Assignment: Reply with only a number, the count of lines in the listing that include the word "Septicaemia".

╔══

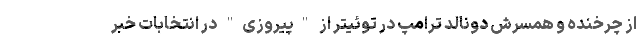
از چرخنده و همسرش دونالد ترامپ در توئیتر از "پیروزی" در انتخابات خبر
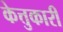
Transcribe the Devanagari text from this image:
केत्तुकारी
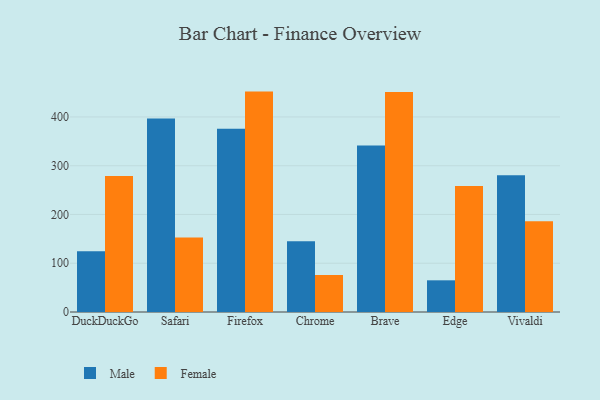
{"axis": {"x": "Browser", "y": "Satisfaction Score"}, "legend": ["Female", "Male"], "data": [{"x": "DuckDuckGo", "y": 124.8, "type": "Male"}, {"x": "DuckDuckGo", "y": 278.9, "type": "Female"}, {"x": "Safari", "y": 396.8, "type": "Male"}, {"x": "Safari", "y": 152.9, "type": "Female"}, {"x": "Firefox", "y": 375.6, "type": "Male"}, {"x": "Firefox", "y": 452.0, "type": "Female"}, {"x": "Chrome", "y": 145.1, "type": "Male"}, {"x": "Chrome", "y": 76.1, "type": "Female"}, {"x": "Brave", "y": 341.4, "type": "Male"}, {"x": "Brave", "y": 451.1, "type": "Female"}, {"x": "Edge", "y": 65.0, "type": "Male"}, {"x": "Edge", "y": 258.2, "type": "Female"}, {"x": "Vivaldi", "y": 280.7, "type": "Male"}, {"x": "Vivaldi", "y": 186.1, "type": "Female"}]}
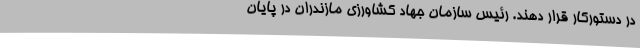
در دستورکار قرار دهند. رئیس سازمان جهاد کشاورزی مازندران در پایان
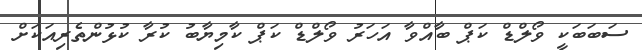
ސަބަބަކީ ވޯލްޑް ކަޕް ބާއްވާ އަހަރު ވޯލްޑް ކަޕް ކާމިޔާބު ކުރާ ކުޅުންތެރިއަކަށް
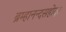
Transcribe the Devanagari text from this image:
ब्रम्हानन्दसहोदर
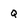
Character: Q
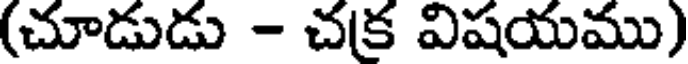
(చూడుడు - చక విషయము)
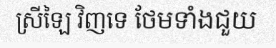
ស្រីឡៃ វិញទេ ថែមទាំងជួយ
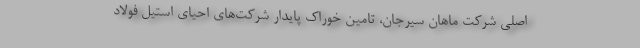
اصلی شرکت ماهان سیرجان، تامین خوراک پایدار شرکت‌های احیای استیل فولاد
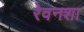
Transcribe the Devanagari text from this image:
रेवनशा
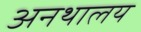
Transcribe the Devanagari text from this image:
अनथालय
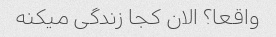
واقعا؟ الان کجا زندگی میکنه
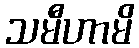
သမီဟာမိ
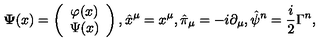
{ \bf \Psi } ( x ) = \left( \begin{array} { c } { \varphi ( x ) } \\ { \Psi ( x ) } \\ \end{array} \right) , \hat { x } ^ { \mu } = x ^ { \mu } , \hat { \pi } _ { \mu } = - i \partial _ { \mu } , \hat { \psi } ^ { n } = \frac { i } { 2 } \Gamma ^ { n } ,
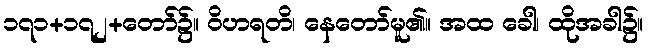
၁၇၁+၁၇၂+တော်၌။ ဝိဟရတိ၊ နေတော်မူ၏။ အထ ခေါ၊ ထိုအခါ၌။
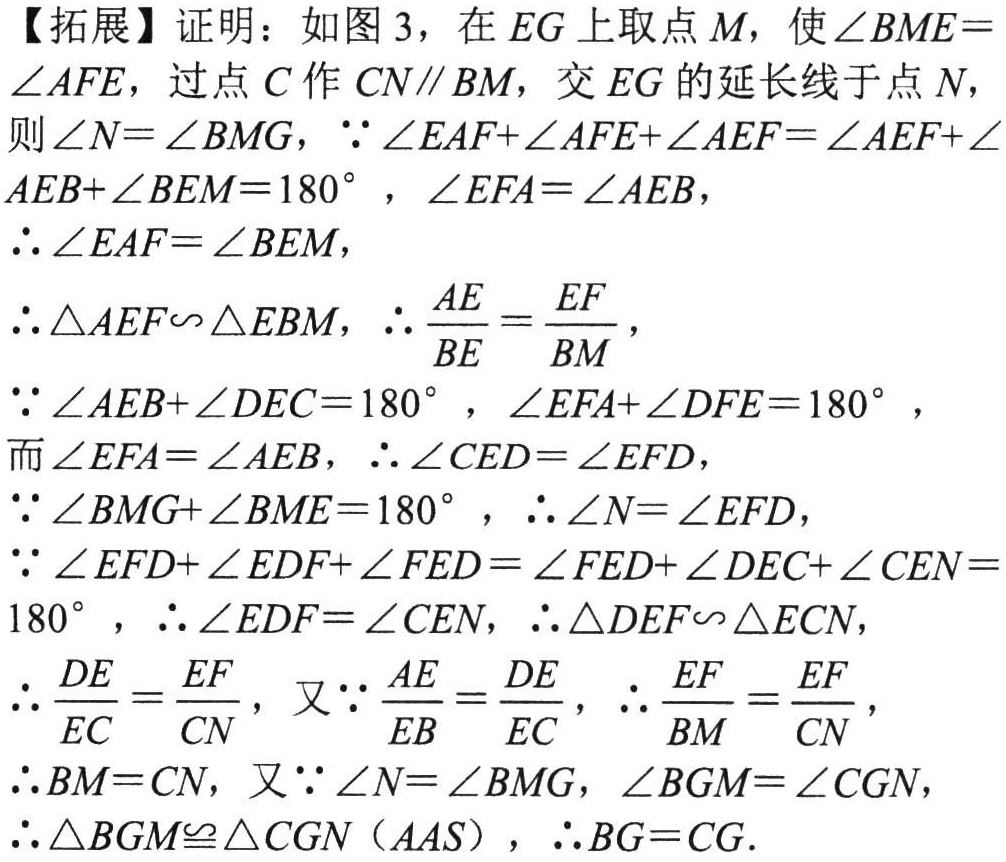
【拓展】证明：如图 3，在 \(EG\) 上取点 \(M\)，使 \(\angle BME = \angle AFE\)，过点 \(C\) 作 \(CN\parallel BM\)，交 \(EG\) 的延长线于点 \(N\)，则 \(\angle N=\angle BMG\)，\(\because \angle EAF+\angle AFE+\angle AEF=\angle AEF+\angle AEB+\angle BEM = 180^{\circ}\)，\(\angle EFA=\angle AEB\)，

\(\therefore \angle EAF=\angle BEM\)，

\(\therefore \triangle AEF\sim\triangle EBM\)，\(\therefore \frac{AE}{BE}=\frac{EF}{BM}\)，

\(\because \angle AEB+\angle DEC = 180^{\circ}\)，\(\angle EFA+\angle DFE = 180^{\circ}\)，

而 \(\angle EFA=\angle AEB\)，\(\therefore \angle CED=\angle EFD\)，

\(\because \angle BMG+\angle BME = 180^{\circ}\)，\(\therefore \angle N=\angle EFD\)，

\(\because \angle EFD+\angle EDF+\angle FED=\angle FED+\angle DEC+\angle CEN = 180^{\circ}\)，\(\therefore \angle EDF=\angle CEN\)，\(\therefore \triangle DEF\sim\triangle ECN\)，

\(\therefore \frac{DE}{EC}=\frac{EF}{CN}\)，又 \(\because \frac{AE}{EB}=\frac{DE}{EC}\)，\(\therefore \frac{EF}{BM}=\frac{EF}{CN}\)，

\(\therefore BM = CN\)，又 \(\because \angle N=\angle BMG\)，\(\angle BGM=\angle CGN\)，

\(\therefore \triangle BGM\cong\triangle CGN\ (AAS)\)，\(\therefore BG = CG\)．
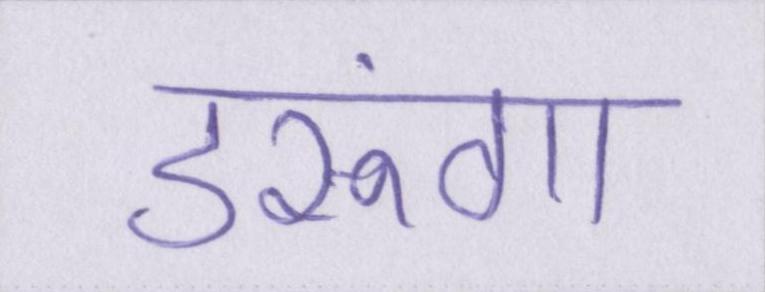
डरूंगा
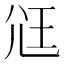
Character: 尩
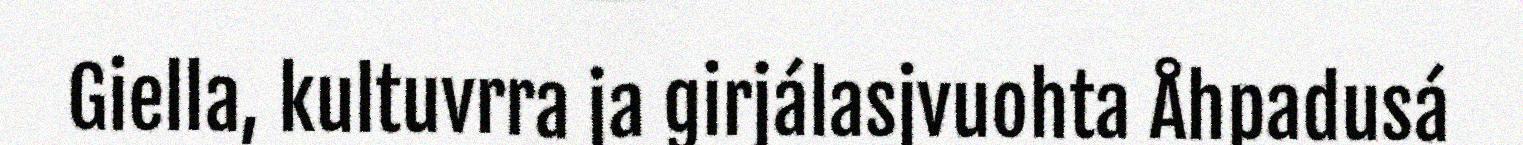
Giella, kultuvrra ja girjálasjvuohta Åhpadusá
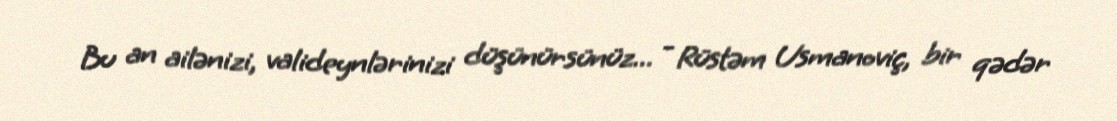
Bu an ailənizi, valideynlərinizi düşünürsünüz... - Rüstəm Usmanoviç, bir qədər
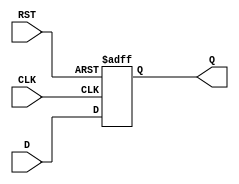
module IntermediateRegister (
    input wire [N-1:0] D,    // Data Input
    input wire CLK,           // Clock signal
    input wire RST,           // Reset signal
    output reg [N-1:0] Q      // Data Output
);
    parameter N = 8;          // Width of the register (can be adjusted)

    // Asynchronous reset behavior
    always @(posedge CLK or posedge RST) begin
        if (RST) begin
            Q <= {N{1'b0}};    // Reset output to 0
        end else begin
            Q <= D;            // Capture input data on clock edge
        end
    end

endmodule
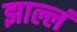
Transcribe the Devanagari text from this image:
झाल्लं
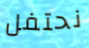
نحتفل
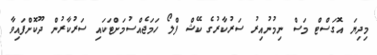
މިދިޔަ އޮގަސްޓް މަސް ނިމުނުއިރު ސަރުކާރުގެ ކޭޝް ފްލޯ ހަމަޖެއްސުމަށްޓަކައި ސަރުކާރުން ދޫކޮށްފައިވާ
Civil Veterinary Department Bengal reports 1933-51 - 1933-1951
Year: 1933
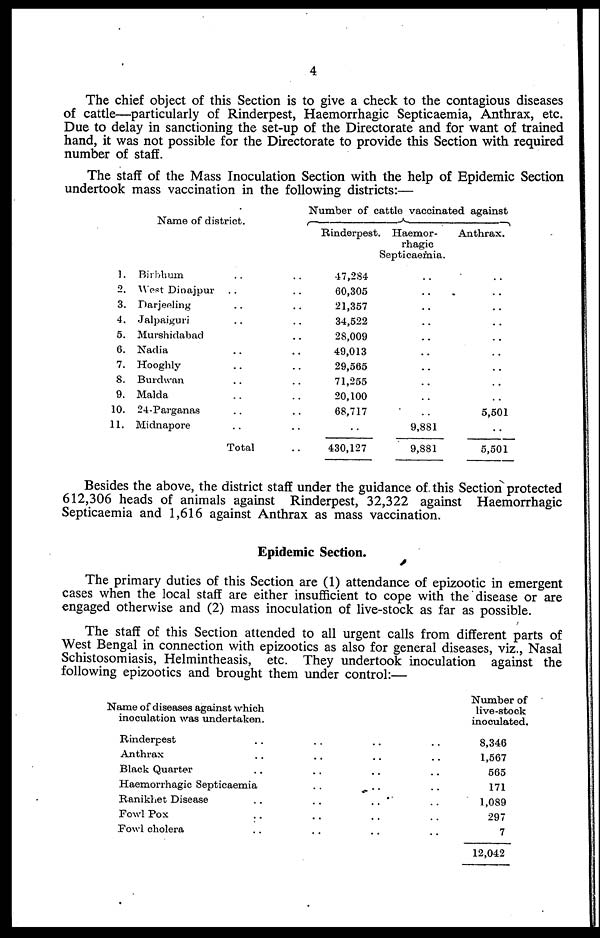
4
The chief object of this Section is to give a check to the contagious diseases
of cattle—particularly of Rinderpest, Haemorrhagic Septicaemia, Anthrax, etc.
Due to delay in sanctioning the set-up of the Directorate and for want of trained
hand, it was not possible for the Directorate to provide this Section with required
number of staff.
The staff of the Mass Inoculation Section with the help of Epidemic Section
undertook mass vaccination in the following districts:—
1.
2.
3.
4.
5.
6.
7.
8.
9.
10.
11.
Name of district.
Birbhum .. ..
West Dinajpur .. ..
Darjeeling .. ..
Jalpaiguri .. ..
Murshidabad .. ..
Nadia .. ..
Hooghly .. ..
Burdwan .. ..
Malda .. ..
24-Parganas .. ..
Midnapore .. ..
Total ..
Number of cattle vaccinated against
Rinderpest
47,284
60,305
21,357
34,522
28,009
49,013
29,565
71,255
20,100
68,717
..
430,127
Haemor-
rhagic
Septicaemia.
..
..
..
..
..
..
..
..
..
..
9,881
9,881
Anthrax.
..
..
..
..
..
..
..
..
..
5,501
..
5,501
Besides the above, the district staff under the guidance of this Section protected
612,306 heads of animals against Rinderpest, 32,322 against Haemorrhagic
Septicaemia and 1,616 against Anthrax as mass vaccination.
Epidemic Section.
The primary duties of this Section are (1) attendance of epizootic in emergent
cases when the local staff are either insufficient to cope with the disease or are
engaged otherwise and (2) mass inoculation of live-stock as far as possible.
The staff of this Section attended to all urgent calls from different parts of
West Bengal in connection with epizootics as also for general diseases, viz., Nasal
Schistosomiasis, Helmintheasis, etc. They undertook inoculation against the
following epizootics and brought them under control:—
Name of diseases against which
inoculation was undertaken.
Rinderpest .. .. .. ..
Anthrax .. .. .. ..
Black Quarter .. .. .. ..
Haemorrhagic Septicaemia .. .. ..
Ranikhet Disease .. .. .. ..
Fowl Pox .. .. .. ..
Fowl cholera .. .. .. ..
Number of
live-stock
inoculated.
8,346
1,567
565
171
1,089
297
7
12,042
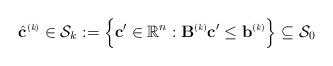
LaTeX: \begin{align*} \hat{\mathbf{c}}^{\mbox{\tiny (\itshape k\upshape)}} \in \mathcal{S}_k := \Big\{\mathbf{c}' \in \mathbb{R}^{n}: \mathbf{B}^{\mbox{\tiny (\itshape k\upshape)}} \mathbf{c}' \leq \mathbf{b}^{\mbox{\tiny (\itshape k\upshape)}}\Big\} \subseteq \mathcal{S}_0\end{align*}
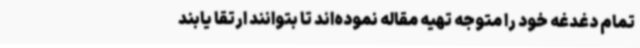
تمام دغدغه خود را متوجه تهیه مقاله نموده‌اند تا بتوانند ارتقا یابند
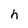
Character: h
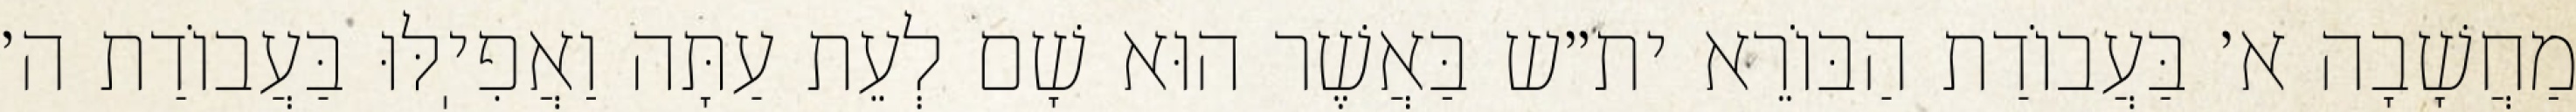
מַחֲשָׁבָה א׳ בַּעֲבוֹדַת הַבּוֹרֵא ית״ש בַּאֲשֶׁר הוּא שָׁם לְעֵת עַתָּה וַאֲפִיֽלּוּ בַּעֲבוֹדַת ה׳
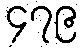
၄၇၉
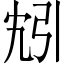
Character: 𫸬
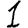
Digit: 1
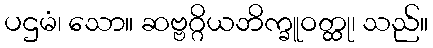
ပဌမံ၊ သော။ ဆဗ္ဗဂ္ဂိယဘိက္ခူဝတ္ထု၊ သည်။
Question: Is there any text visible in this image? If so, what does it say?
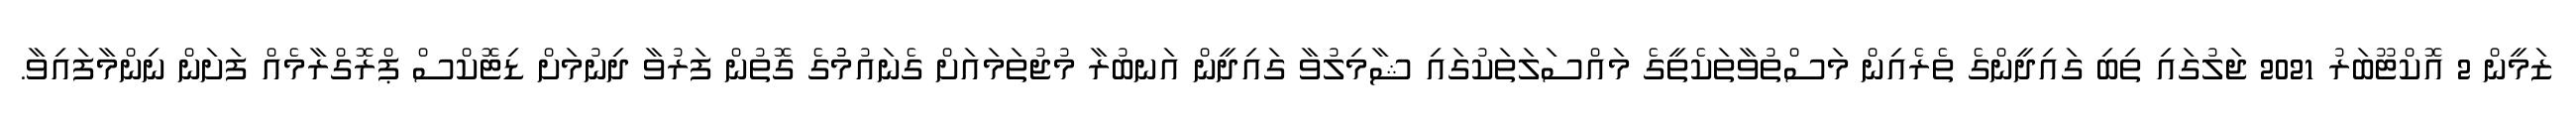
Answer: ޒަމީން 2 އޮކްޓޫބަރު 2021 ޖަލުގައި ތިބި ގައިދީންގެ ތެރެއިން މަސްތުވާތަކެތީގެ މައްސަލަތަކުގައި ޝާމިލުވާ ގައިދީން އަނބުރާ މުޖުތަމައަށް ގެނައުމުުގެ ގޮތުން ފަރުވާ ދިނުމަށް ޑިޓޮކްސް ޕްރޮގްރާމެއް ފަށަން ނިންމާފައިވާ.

╚══

Response below: 4